Supplied material:
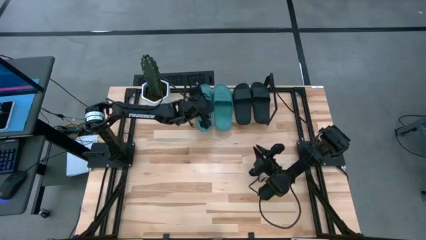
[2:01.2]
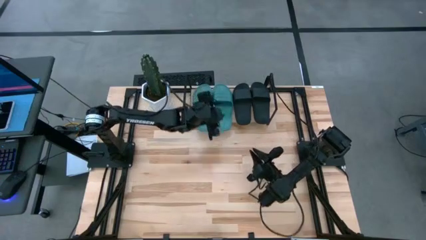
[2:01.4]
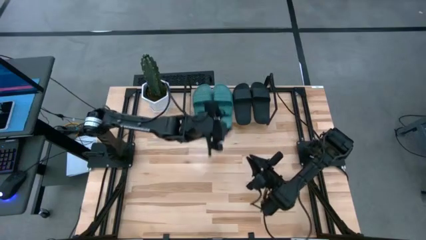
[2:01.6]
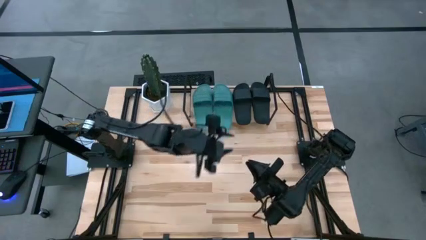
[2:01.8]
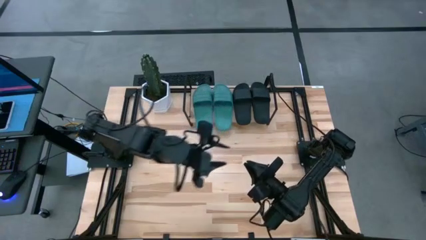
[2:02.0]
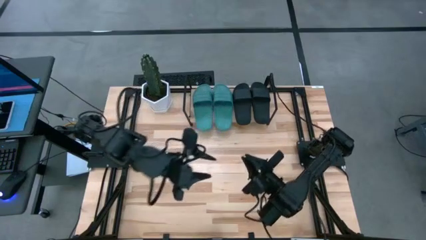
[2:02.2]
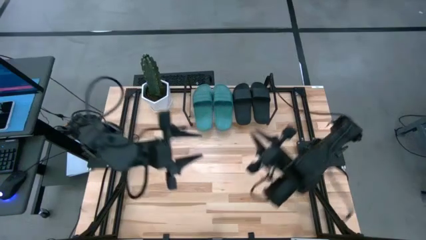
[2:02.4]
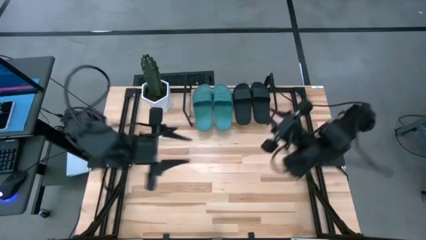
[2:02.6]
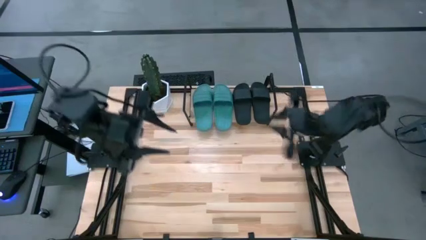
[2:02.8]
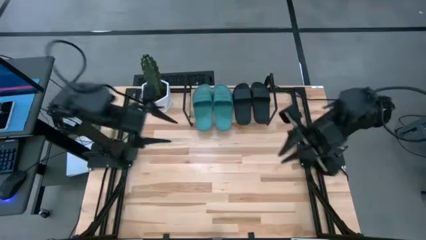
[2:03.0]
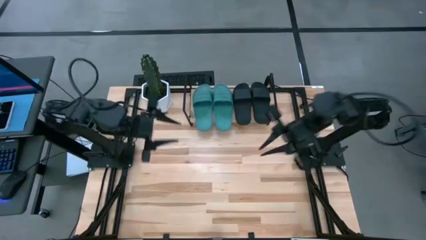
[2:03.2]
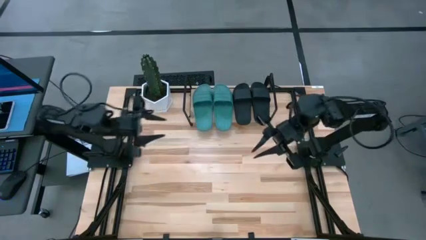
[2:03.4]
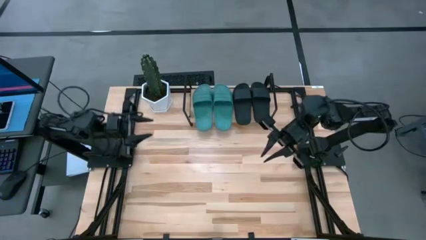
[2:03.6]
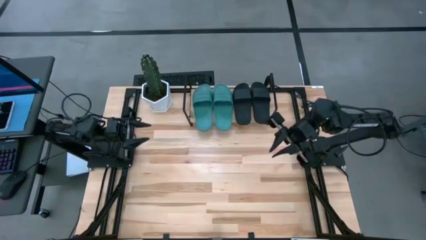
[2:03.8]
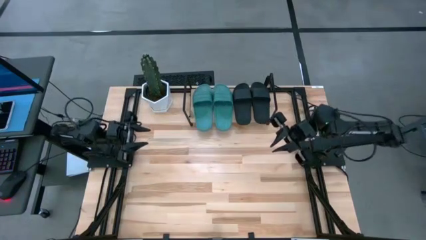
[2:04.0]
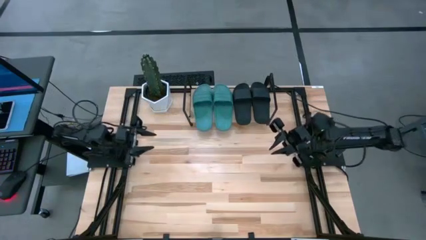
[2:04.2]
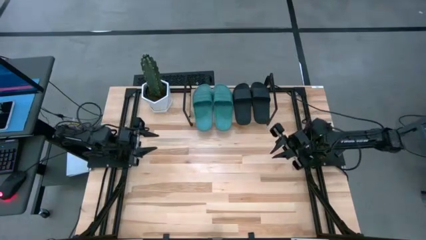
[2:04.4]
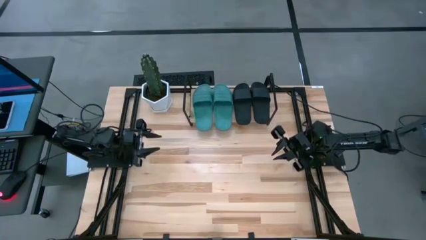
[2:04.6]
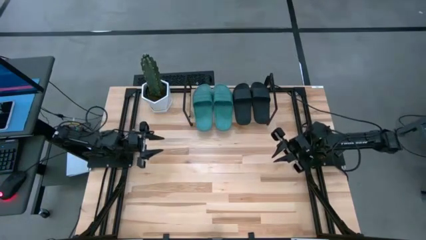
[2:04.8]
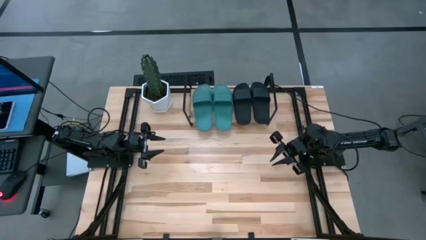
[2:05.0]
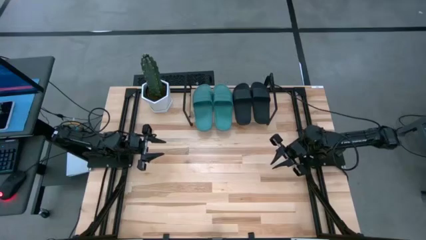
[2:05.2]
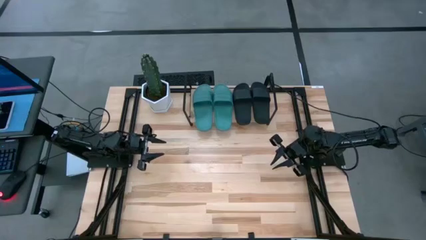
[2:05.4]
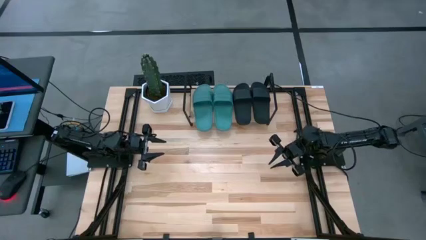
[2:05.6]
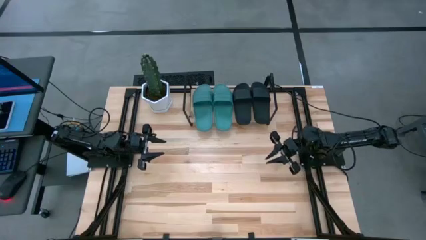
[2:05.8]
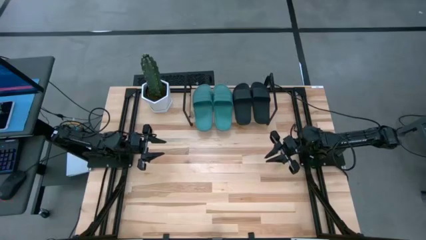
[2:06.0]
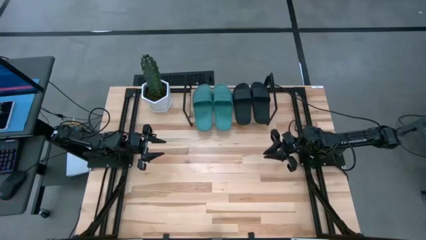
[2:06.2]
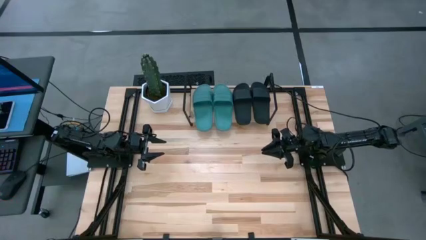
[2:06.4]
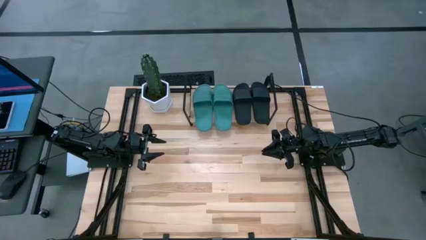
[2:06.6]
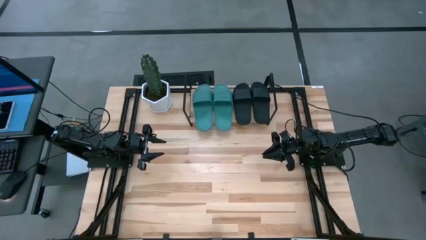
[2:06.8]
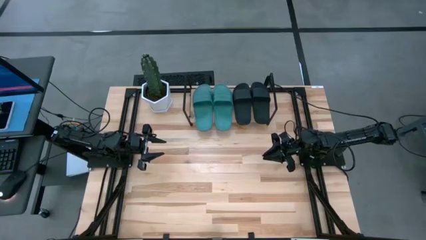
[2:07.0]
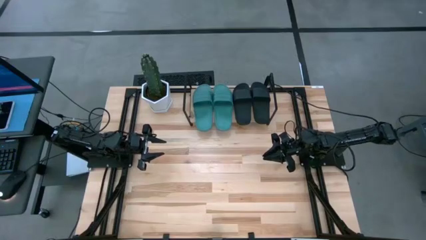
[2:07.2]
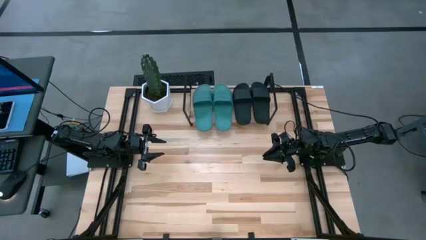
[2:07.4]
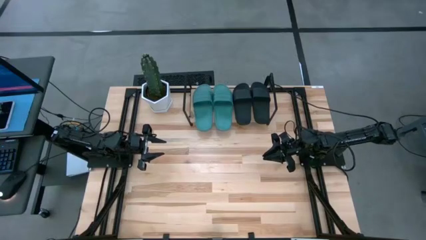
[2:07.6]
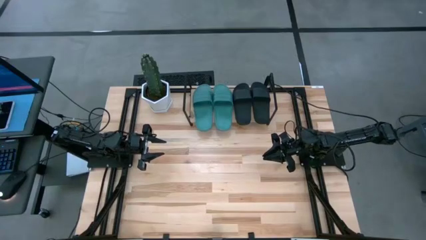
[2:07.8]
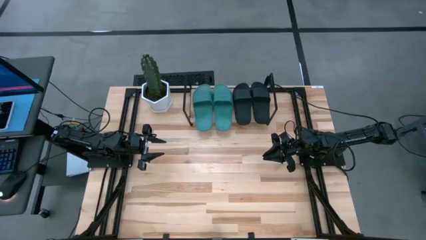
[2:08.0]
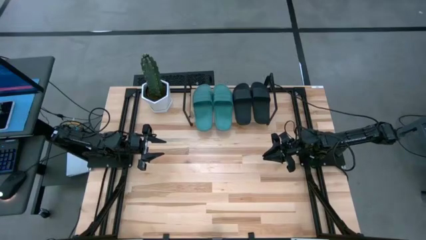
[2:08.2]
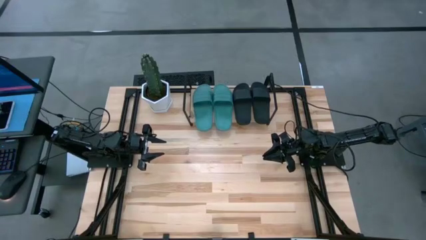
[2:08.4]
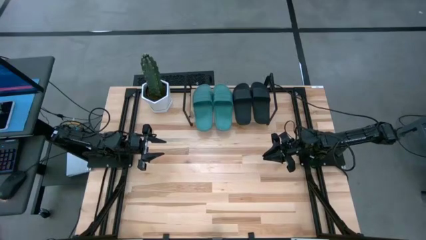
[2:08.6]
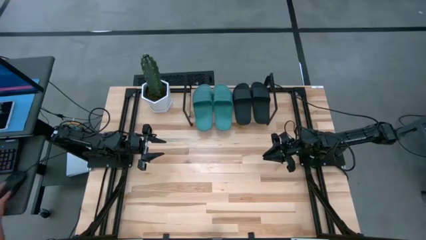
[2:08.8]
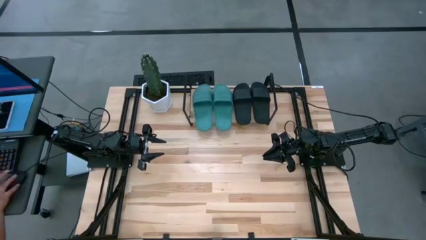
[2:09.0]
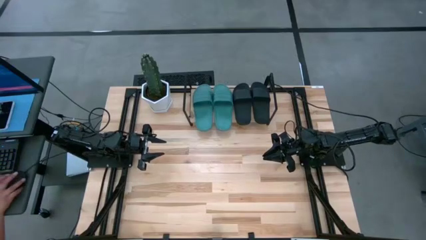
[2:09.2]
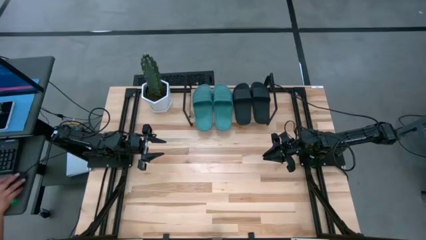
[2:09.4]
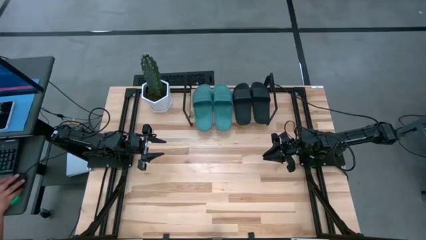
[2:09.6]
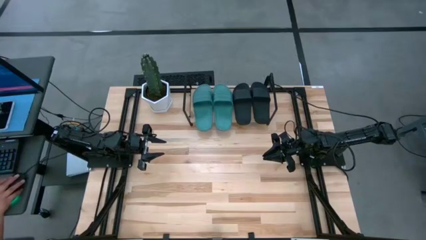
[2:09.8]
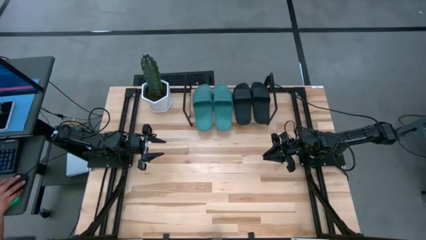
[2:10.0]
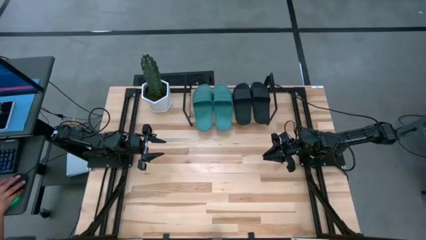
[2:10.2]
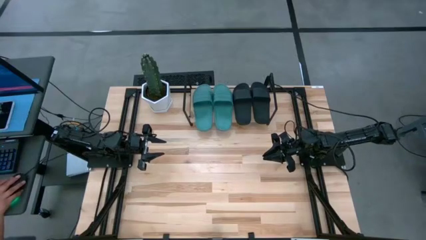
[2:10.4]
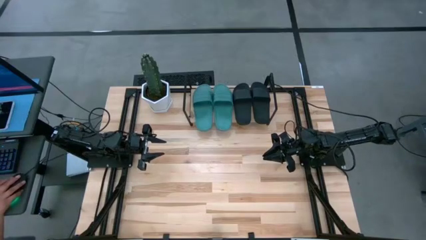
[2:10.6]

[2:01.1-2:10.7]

What this task involves:
For this exercise, write out the listing verbatim and leave every image out.

Expected output:
[2:01.2]
[2:01.4]
[2:01.6]
[2:01.8]
[2:02.0]
[2:02.2]
[2:02.4]
[2:02.6]
[2:02.8]
[2:03.0]
[2:03.2]
[2:03.4]
[2:03.6]
[2:03.8]
[2:04.0]
[2:04.2]
[2:04.4]
[2:04.6]
[2:04.8]
[2:05.0]
[2:05.2]
[2:05.4]
[2:05.6]
[2:05.8]
[2:06.0]
[2:06.2]
[2:06.4]
[2:06.6]
[2:06.8]
[2:07.0]
[2:07.2]
[2:07.4]
[2:07.6]
[2:07.8]
[2:08.0]
[2:08.2]
[2:08.4]
[2:08.6]
[2:08.8]
[2:09.0]
[2:09.2]
[2:09.4]
[2:09.6]
[2:09.8]
[2:10.0]
[2:10.2]
[2:10.4]
[2:10.6]

[2:01.1-2:10.7]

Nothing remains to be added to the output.